§ **TASK BRIEF**:
Go through the listing below and gather every line with the word "index".

§ **INPUT DATA**:
--- START ---
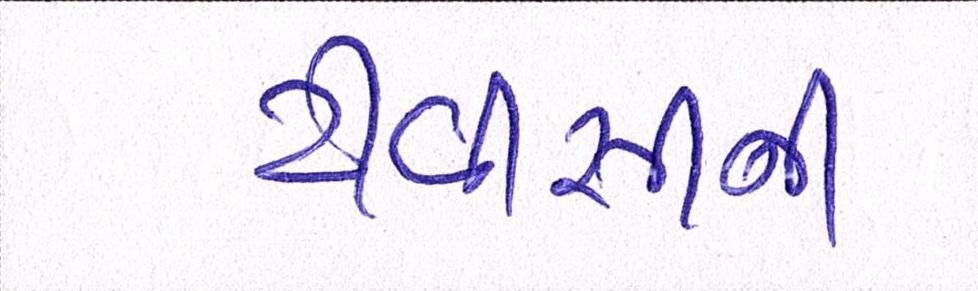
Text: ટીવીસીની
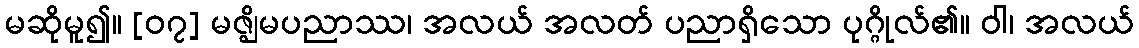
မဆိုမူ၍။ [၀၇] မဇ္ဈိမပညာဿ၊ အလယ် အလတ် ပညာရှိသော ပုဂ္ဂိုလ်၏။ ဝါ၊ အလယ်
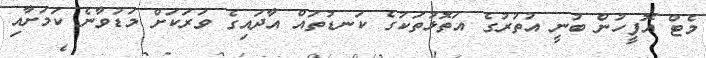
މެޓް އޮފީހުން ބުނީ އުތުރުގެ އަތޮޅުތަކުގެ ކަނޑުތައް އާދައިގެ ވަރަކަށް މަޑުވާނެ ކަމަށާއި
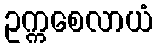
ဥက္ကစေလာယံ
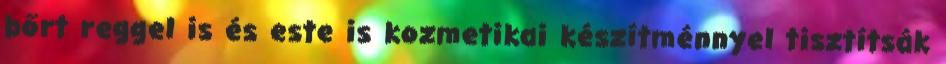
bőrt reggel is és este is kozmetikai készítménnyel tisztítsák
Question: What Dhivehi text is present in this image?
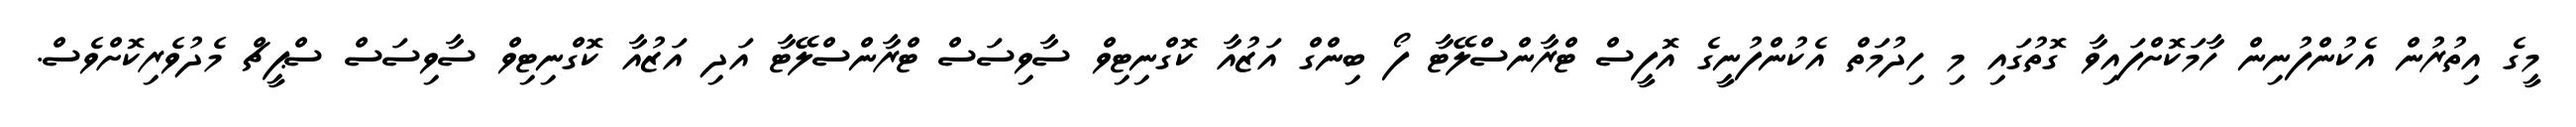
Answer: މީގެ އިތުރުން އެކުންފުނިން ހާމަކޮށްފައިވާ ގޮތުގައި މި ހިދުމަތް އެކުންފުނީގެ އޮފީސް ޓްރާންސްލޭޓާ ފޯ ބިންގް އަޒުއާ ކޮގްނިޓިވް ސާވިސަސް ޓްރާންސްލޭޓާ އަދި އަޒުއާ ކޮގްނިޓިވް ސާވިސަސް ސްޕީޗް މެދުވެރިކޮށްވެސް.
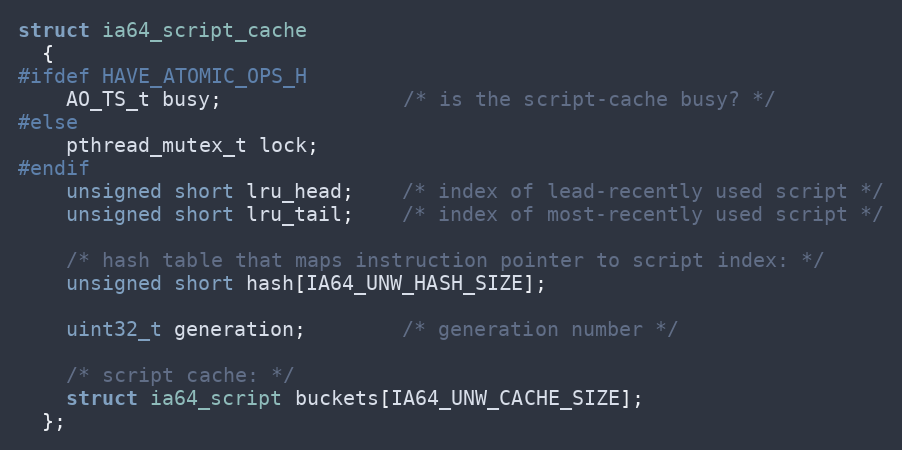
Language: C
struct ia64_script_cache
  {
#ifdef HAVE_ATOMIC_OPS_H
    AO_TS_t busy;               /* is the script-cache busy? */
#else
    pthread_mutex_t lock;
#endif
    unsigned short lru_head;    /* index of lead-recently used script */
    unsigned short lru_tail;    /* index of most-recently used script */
--- END ---
§ **TASK ANSWER**:
    unsigned short lru_head;    /* index of lead-recently used script */
    unsigned short lru_tail;    /* index of most-recently used script */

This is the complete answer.